途凝蛰盯着他裤子上的鞋印,忍俊不禁偏开头。
解见转过身拍干净自己的裤子,看着眼前双手插兜的薄靳川就来气,在心里把人骂死了:“我开个玩笑而已,你至于吗?”
“我也开个玩笑而已,至少没在蹦极台上把你踹下去。”
在解见看来,薄靳川总是这样小心眼。把别人惹毛了就高傲得跟个白天鹅似的,不知道“分寸”两个字怎么写。轮到他自己生气了,就各种发神经冷暴力。
解见是真觉得他性格有病,但也还没到撂摊子不哄的程度,骂几句发泄就算了。
薄靳川抬腿就走,解见在他背后隔空踹了两脚才重新追上去,似乎还无声地骂了几句脏。
这会儿他们成吊车尾了,闻人晏枭浅笑着看向途凝蛰:“你害怕吗?”
“还好,以前压力大有想过来蹦。”
“那最后来了吗?”
途凝蛰摇头。
“一个人来太可怜了,现在有你们。”
因为是工作日,今天来蹦极的人没多少。
陈凛珩心理准备还没做足就感觉环腰的绳子猛地一紧,回神意识到该他们蹦了,顿时腿软,还好被闻人晏枭扶住。
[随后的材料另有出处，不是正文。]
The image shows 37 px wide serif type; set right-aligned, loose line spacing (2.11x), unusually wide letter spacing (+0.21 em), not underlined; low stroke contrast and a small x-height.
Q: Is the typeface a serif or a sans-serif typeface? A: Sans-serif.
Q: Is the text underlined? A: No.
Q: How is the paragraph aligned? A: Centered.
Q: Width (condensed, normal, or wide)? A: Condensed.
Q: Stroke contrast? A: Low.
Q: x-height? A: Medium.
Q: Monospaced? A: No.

实在害怕,其实可以选择双人抱着蹦下去,教练给他们讲了下,乍一听还挺浪漫,也确实很多情侣这么玩。
历经极度危险的爱情好像总会更坚固。
但放眼看看他们这群人:有搞乱七八糟的明恋的,有搞哑巴吃黄连暗恋的,还有本想搞炮友莫名快转正的……反正都不太适合那份浪漫,怎么着都怪怪的。
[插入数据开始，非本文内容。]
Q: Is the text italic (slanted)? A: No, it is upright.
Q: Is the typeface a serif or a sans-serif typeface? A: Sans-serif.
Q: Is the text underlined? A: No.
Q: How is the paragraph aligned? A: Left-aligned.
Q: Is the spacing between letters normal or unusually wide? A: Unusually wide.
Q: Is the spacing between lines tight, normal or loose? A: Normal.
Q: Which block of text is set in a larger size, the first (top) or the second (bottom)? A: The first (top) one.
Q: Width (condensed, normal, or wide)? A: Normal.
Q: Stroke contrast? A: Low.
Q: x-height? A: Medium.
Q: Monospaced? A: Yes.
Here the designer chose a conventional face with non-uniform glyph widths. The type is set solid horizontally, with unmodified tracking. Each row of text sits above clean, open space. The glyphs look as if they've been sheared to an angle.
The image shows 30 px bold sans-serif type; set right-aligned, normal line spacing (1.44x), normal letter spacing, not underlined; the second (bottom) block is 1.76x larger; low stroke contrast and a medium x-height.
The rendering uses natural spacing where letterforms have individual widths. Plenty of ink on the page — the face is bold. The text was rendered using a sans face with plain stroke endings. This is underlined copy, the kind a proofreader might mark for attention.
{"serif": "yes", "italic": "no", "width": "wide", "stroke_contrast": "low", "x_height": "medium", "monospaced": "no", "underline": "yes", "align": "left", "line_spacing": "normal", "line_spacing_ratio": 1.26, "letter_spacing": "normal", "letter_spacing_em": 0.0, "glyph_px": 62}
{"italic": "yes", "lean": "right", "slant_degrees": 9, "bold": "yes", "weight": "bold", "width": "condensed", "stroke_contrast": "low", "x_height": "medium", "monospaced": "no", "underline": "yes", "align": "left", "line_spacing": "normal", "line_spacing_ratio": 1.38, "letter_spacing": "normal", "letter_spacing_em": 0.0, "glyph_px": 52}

所以即使心里不停想着,几个人仍旧相顾无言,没人愿意提这茬事,全当耳边风。
“念念,你提的蹦极,打头阵呗?”解见坐在旁边,笑意盈盈地盯着正在绑绳的江咏念。
江咏念坚定地拒绝:“陈凛珩来吧,那么害怕就早死早超生。”
“我不要!”陈凛珩哀嚎声都出来了,直接窜到解见旁边坐着,抱着他胳膊,“我要当中间的!”
到底正值血气方刚的年纪,纵然表面上兴奋得不行,内心怎么说都是害怕的。毕竟这玩意儿和游乐场那些设施还真不一样,百米余高呢,跳下去真的会短暂完全失重,切身体会跳楼的滋味。
看出他们的犹豫,工作人员问谁首跳。
陈凛珩看天,江咏念看地,解见看蓝天,还剩下俩望夫石,五个话唠前所未有的安静。
也是同一时刻,闻人晏枭举起手:“我来吧。”
他的声音夹杂在风里吹过来,途凝蛰这会儿听到,感觉从耳根到心脏都被电了下。
闻人晏枭经过他面前的时候,途凝蛰伸出手勾了下他的小拇指,于是闻人晏枭回过头。
冷风将那五彩的发丝尽数吹到闻人晏枭脸上,他摇了摇头没甩开,途凝蛰也就只能看到他半张脸。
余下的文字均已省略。